Il test sul campo: il terremoto nello Stretto di Messina
L’importanza di questa capillarità è stata confermata proprio lunedì 30 marzo, due giorni fa, alle ore 05:58, quando un terremoto di magnitudo ML 3.1 localizzato a circa 15 chilometri da Reggio Calabria è stato distintamente avvertito dalla popolazione fino a Messina. Sebbene le mappe di scuotimento regionali abbiano fornito una stima coerente a scala macroscopica, le reti sismiche urbane hanno svelato una realtà molto più complessa. A Messina sono stati registrati valori di accelerazione massima tra 0.5 e 1.5 cm/s², mentre a Reggio Calabria i dati hanno oscillato tra 0.98 e 7.28 cm/s². Questa enorme variabilità, definita dagli esperti come effetti di sito, è causata dalle diverse caratteristiche del terreno locale che possono amplificare le onde sismiche in punti specifici. Senza il monitoraggio urbano, queste differenze resterebbero invisibili, impedendo una corretta valutazione del rischio reale per i singoli isolati o quartieri.
Il futuro della gestione del rischio tra sismologia e ingegneria
L’istituzione del CMSU segna il punto di convergenza definitivo tra la sismologia pura e l’ingegneria strutturale. Le infrastrutture del Centro non sono solo strumenti di ricerca, ma diventano pilastri per sistemi avanzati di allerta e per una gestione del rischio basata su dati raccolti in tempo reale. Grazie all’analisi della risposta sismica locale, sarà possibile progettare città più resilienti e interventi di consolidamento mirati.

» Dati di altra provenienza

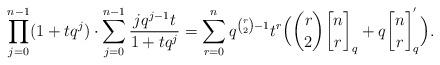
LaTeX: \begin{align*}\prod_{j=0}^{n-1} (1+tq^j) \cdot \sum_{j=0}^{n-1} \frac{jq^{j-1}t}{1+tq^j} = \sum_{r=0}^{n} q^{\binom{r}{2}-1} t^r \Big( \binom{r}{2} {n \brack r}_q +q {n \brack r}^{'}_{q} \Big).\end{align*}
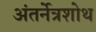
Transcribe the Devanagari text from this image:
अंतर्नेत्रशोथ
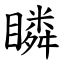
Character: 瞵
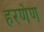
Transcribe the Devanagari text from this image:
हरणेण
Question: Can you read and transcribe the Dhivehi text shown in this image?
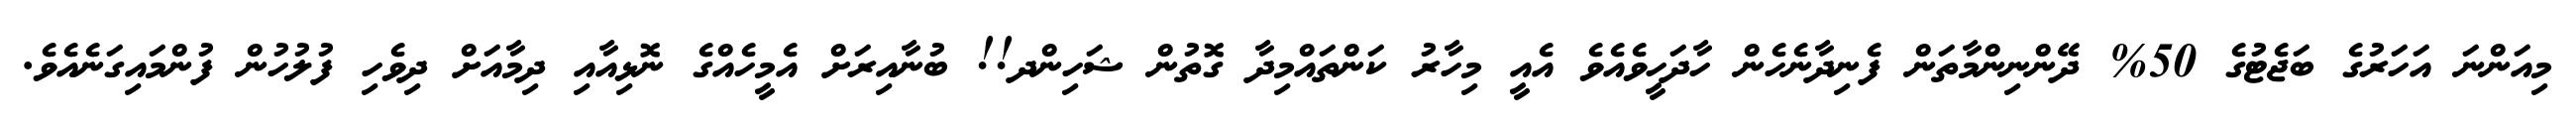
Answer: މިއަންނަ އަހަރުގެ ބަޖެޓުގެ 50% ދޭންނިންމާތަން ފެނިދާނެހެން ހާދަހީވެއެވެ އެއީ މިހާރު ކަންތައްމިދާ ގޮތުން ޝަހިންދ!! ބުނާއިރަށް އެމީހެއްގެ ނޮޅިއާއި ދިމާއަށް ދިވެހި ފުލުހުން ފުންމައިގަނެއެވެ.
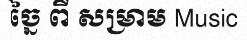
ច្នៃ ពី សម្រាម Music
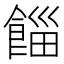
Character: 𩜊
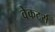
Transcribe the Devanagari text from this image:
वेकटर्स
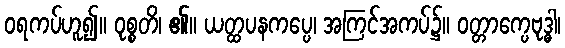
ဝရကပ်ဟူ၍။ ဝုစ္စတိ၊ ၏။ ယတ္ထပနကပ္ပေ၊ အကြင်အကပ်၌။ ဝတ္တာက္ပေဗုဒ္ဓါ၊
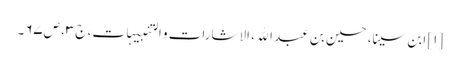
[۱] ابن سینا، حسین بن عبد الله، الاشارات و التنبیہات، ج‌۳، ص‌۶۷‌۔
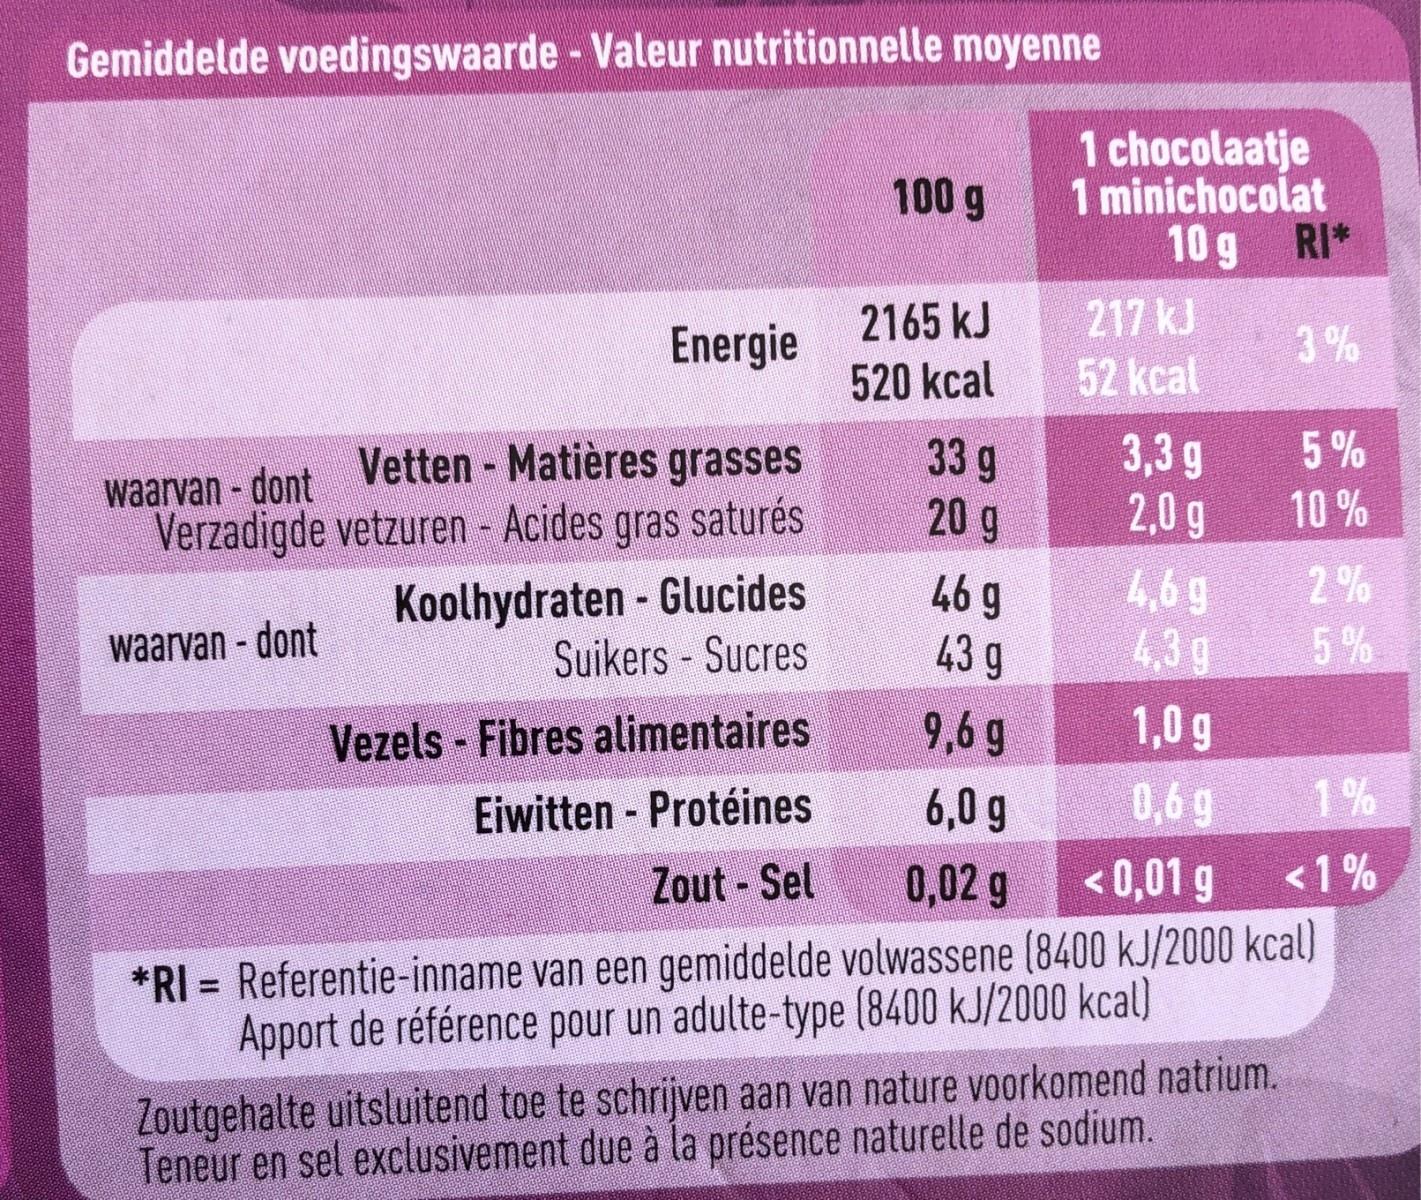
Gemiddelde voedingswaarde - Valeur nutritionnelle moyenne 1 chocolaatje 1 minichocolat 10 g RI* 217 kJ 52 kcal 100 g 2165 kJ Energie 3% 520 kcal 5% 3,3 g 2,0 g 4,69 43g waarvan -dontVetten - Matières grasses Verzadigde vetzuren Acides gras saturés Koolhydraten Glucides Suikers Sucres 33 g 20 g 10 % 2% 46 g 43 9 5% waarvan dont Vezels Fibres alimentaires Eiwitten Protéines Zout Sel 1,0 g 9,6 g 1% 0,6 g 6,0 g <1% <0,01 g 0,02 g *RI Referentie-inname van een gemiddelde volwassene (8400 kJ/2000 kcal) Apport de référence pour un adulte-type (8400 kJ/2000 kcal) Zoutgehalte uitsluitend toe te schrijven aan van nature voorkomend natrium Teneur en sel exclusivement due à la présence naturelle de sodium.
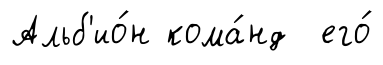
Альб'ио́н кома́нд его́
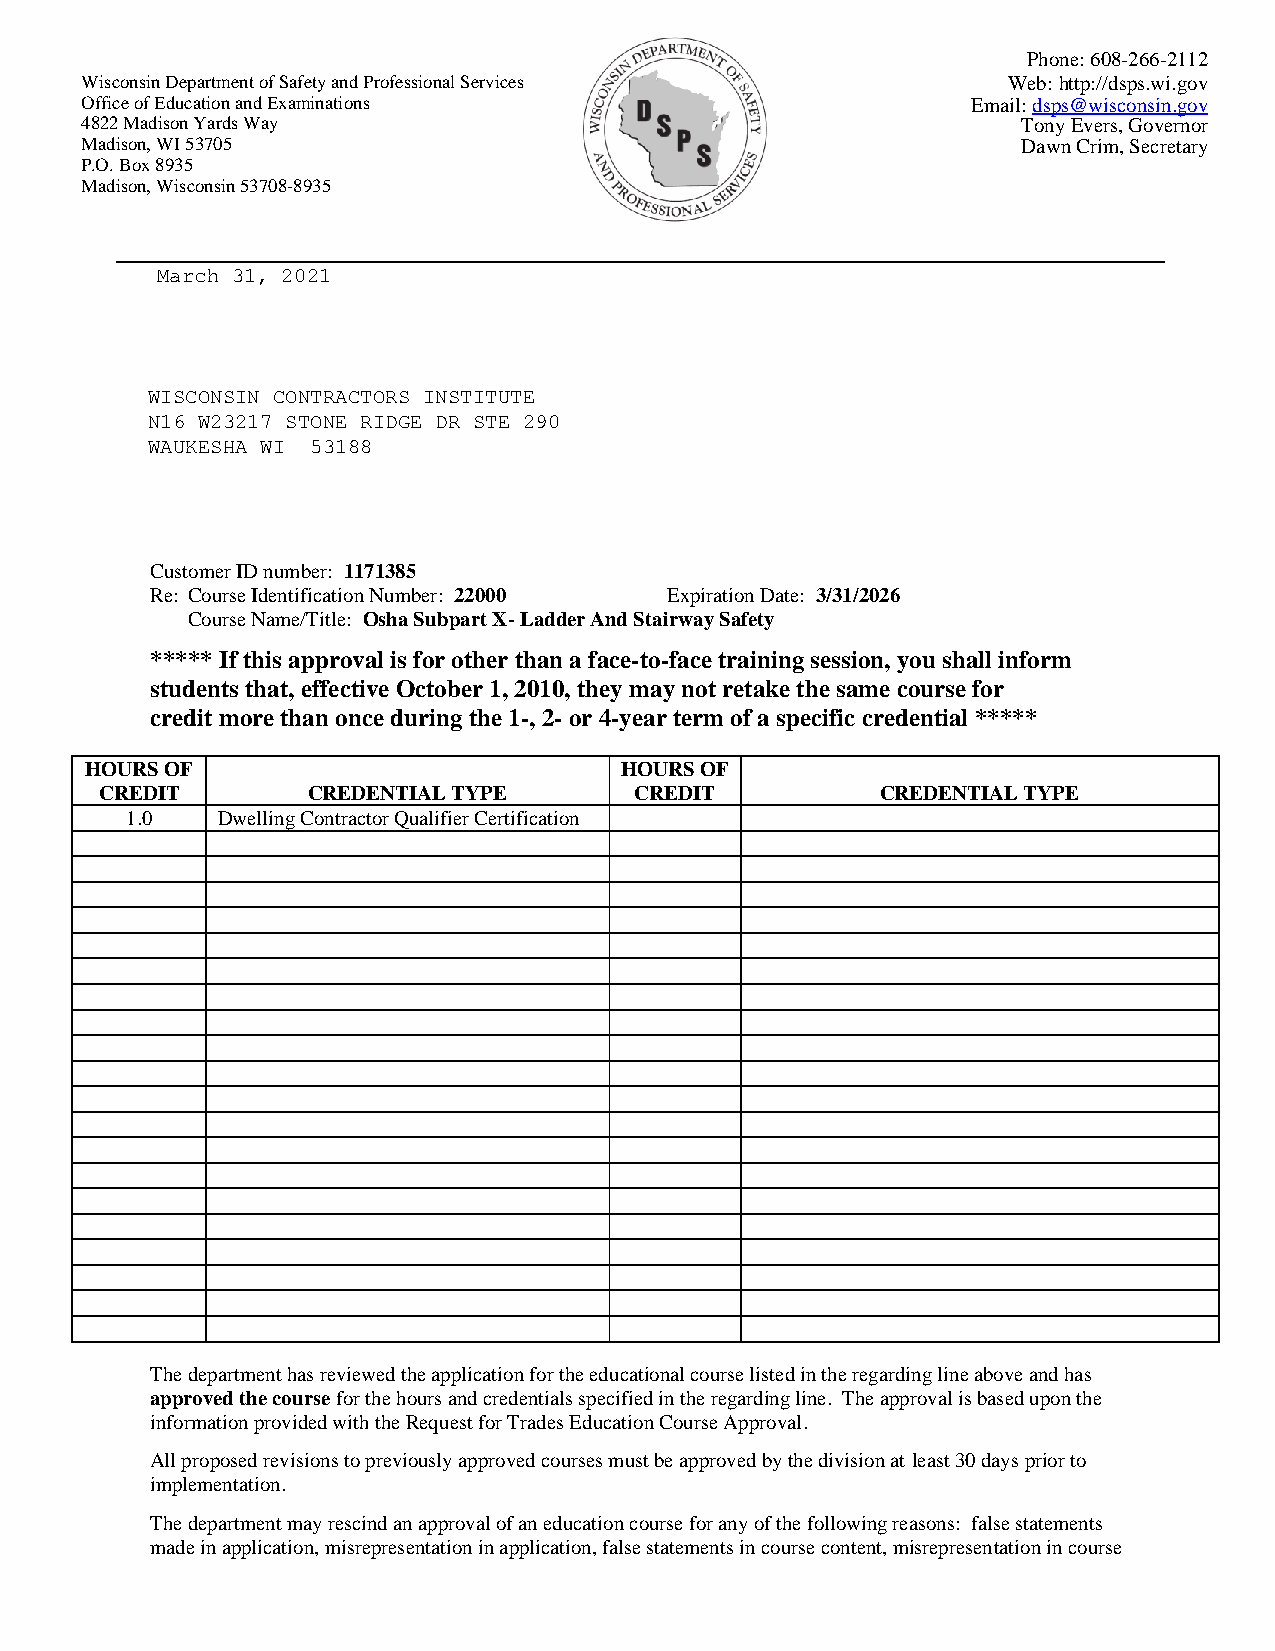
Phone: 608-266-2112
 Wisconsin Department of Safety and Professional Services      Web: http://dsps.wi.gov
 Office of Education and Examinations                       Email: dsps@wisconsin.gov
 4822 Madison Yards Way                                         Tony Evers, Governor
 Madison, WI 53705                                              Dawn Crim, Secretary
 P.O. Box 8935
 Madison, Wisconsin 53708-8935
 March 31, 2021
 WISCONSIN CONTRACTORS INSTITUTE
 N16 W23217 STONE RIDGE DR STE 290
 WAUKESHA WI 53188
 Customer ID number: 1171385
 Re: Course Identification Number: 22000 Expiration Date: 3/31/2026
 Course Name/Title: Osha Subpart X- Ladder And Stairway Safety
 ***** If this approval is for other than a face-to-face training session, you shall inform
 students that, effective October 1, 2010, they may not retake the same course for
 credit more than once during the 1-, 2- or 4-year term of a specific credential *****
 HOURS OF                           HOURS OF
 CREDIT       CREDENTIAL TYPE       CREDIT          CREDENTIAL TYPE
 1.0   Dwelling Contractor Qualifier Certification
 The department has reviewed the application for the educational course listed in the regarding line above and has
 approved the course for the hours and credentials specified in the regarding line. The approval is based upon the
 information provided with the Request for Trades Education Course Approval.
 All proposed revisions to previously approved courses must be approved by the division at least 30 days prior to
 implementation.
 The department may rescind an approval of an education course for any of the following reasons: false statements
 made in application, misrepresentation in application, false statements in course content, misrepresentation in course
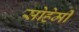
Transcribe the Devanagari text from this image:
सोहेमी
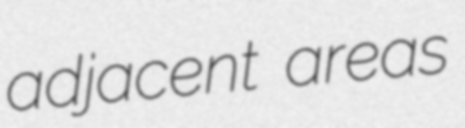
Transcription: adjacent areas
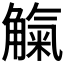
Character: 𧤟
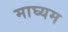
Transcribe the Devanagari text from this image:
माघ्‍यम
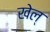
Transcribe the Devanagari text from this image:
खेल्
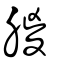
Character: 朡
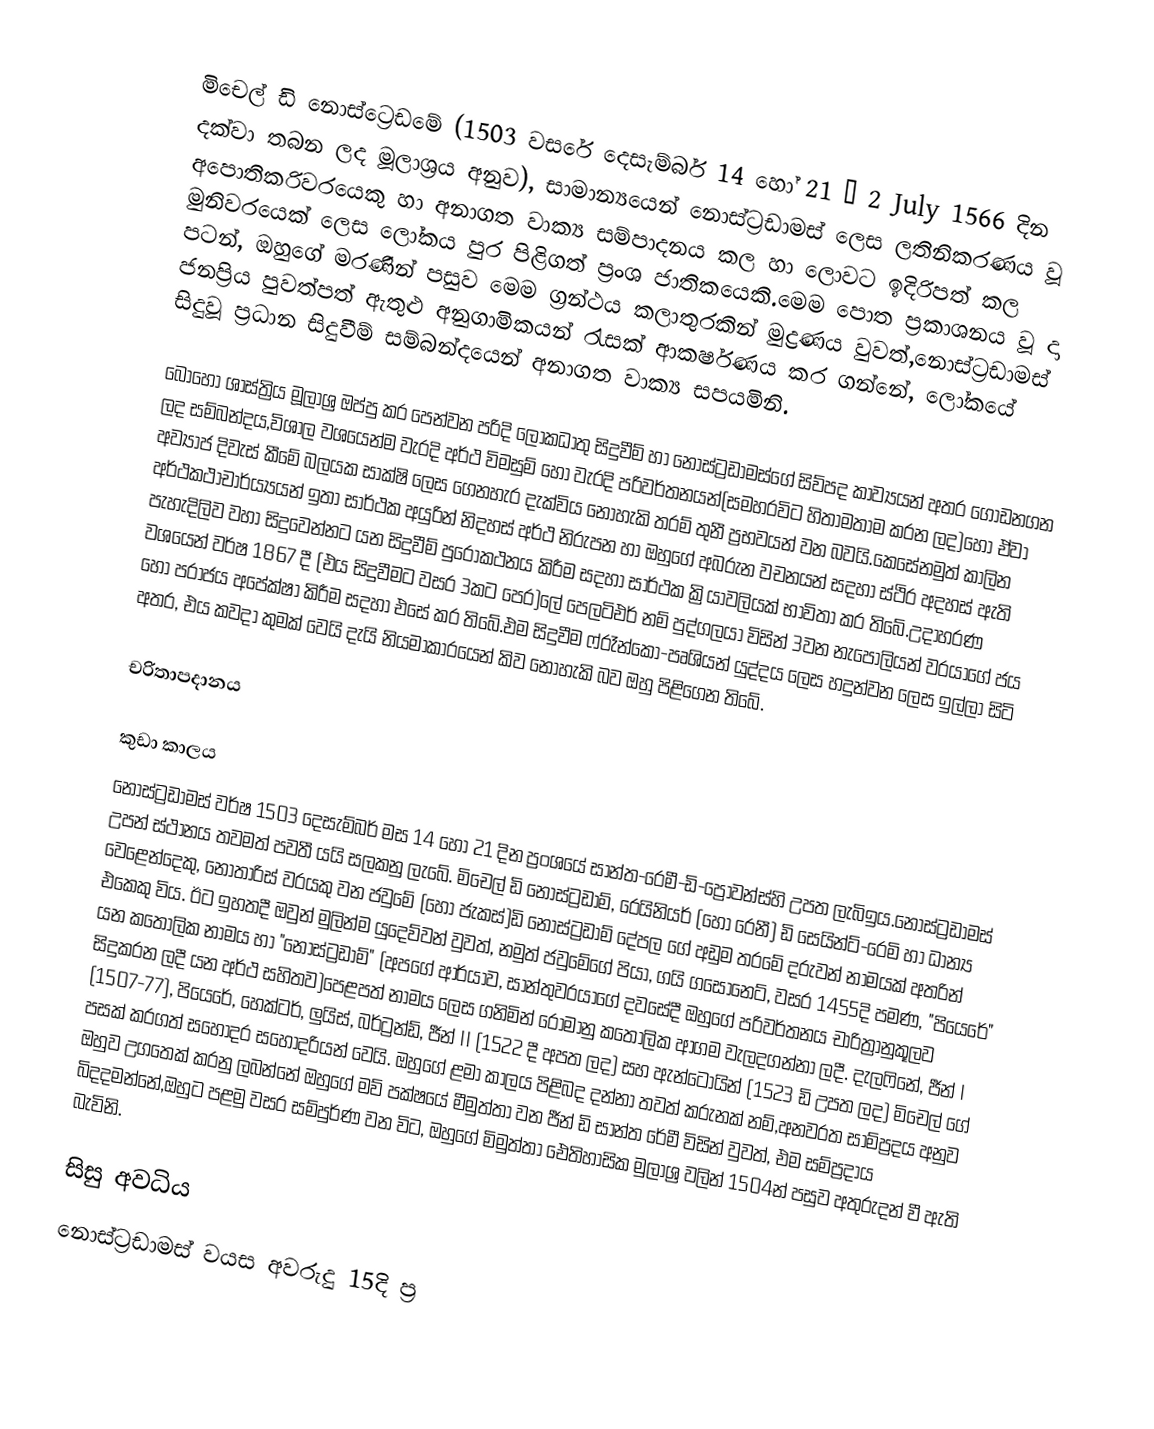
මිචෙල් ඩි නොස්ට්‍රෙඩමේ  (1503 වසරේ දෙසැම්බර් 14 හෝ 21 – 2 July 1566 දින දක්වා තබන ලද මූලාශ්‍රය අනුව), සාමාන්‍යයෙන් නොස්ට්‍රඩාමස් ලෙස ලතිනිකරණය වූ අපොතිකරිවරයෙකු හා අනාගත වාක්‍ය සම්පාදනය කල හා ලොවට ඉදිරිපත් කල මුනිවරයෙක් ලෙස ලෝකය පුර පිළිගත් ප්‍රංශ ජාතිකයෙකි.මෙම පොත ප්‍රකාශනය වූ දා පටන්, ඔහුගේ මරණින් පසුව මෙම ග්‍රන්ථය කලාතුරකින් මුද්‍රණය වුවත්,නොස්ට්‍රඩාමස් ජනප්‍රිය පුවත්පත් ඇතුළු අනුගාමිකයන් රැසක් ආකර්ෂණය කර ගන්නේ, ලෝකයේ සිදුවූ ප්‍රධාන සිදුවීම් සම්බන්දයෙන් අනාගත වාක්‍ය සපයමිනි.

බොහෝ ශාස්ත්‍රිය මූලාශ්‍ර ඔප්පු කර පෙන්වන පරිදි ලෝකධාතු සිදුවීම් හා නොස්ට්‍රඩාමස්ගේ සිව්පද කාව්‍යයන් අතර ගොඩනගන ලද සම්බන්දය,විශාල වශයෙන්ම වැරදි අර්ථ විමසුම් හෝ වැරදි පරිවර්තනයන්(සමහරවිට හිතාමතාම කරන ලද)හෝ ඒවා අව්‍යාජ දිවැස් කීමේ බලයක සාක්ෂි ලෙස ගෙනහැර දැක්විය නොහැකි තරම් තුනී ප්‍රභවයන් වන බවයි.කෙසේනමුත් කාලින අර්ථකථාචාර්ය්‍යයන් ඉතා සාර්ථක අයුරින් නිදහස් අර්ථ නිරුපන හා ඔහුගේ අබරුන වචනයන් සදහා ස්ථිර අදහස් ඇති පැහැදිලිව වහා සිදුවෙන්නට යන සිදුවීම් පුරෝකථනය කිරීම සදහා සාර්ථක ක්‍රියාවලියක් භාවිතා කර තිබේ.උදාහරණ වශයෙන් වර්ෂ 1867 දී (එය සිදුවීමට වසර 3කට පෙර)ලේ පෙලටිඑර් නම් පුද්ගලයා විසින් 3වන නැපෝලියන් වරයාගේ ජය හෝ පරාජය අපේක්ෂා කිරීම සදහා එසේ කර තිබේ.එම සිදුවීම ෆ්රෑන්කො-පෘශියන් යුද්දය ලෙස හදුන්වන ලෙස ඉල්ලා සිටි අතර, එය කවදා කුමක් වෙයි දැයි නියමාකාරයෙන් කිව නොහැකි බව ඔහු පිළිගෙන තිබේ.

චරිතාපදානය

කුඩා කාලය
නොස්ට්‍රඩාමස්  වර්ෂ 1503 දෙසැම්බර් මස 14 හෝ 21 දින ප්‍රංශයේ සාන්ත-රෙමී-ඩි-ප්‍රොවන්ස්හි  උපත ලැබිඉය.නොස්ට්‍රඩාමස් උපන් ස්ථානය තවමත් පවතී යයි සලකනු ලැබේ. මිචෙල් ඩි නොස්ට්‍රඩාම්, රෙයිනියර් (හෝ රෙනී) ඩි සෙයින්ට්-රෙමි හා ධාන්‍ය වෙළෙන්දෙකු, නොතාරිස් වරයකු වන ජවුමේ (හෝ ජැකස්)ඩි නොස්ට්‍රඩාම් දේපල ගේ අඩුම තරමේ දරුවන් නාමයක් අතරින් එකෙකු විය. ඊට ඉහතදී ඔවුන් මුලින්ම යුදෙව්වන් වුවත්, නමුත් ජවුමේගේ පියා, ගයි ගසෝනෙට්, වසර 1455දි පමණ, "පියෙරේ" යන කතෝලික නාමය හා "නොස්ට්‍රඩාම්" (අපගේ ආර්යාව, සාන්තුවරයාගේ දවසේදී ඔහුගේ පරිවර්තනය චාරිත්‍රානුකූලව සිදුකරන ලදී යන අර්ථ සහිතව)පෙළපත් නාමය ලෙස ගනිමින් රෝමානු කතෝලික ආගම වැලදගන්නා ලදී. දැලෆිනේ, ජීන් I (1507-77), පියෙරේ, හෙක්ටර්, ලුයිස්, බර්ට්‍රන්ඩ්, ජීන් II (1522 දී අපත ලද) සහ ඇන්ටොයින් (1523 ඩි උපත ලද) මිචෙල් ගේ පසක් කරගත් සහෝදර සහෝදරියන් වෙයි. ඔහුගේ ළමා කාලය පිළිබද දන්නා තවත් කරුනක් නම්,අනවරත සාම්ප්‍රදය අනුව ඔහුව උගතෙක් කරනු ලබන්නේ ඔහුගේ මව් පක්ෂයේ මීමුත්තා වන ජීන් ඩි සාන්ත රේමී විසින් වුවත්, එම සම්ප්‍රදාය බිදදමන්නේ,ඔහුට පළමු වසර සම්පුර්ණ වන විට, ඔහුගේ මිමුත්තා ඓතිහාසික මුලාශ්‍ර වලින් 1504න් පසුව අතුරුදන් වී ඇති බැවිනි.

සිසු අවධිය
නොස්ට්‍රඩාමස් වයස අවරුදු 15දි ප්‍ර

Il valore aggiunto per il cittadino è la certezza di una protezione basata sulla ricerca avanzata e sulla collaborazione istituzionale, trasformando la conoscenza scientifica in uno strumento pratico di salvaguardia della vita umana e del patrimonio architettonico del Paese. Il monitoraggio in tempo reale e l’analisi strutturale costante rappresentano, da oggi, la nuova frontiera per una convivenza più consapevole e sicura con il rischio sismico in Italia.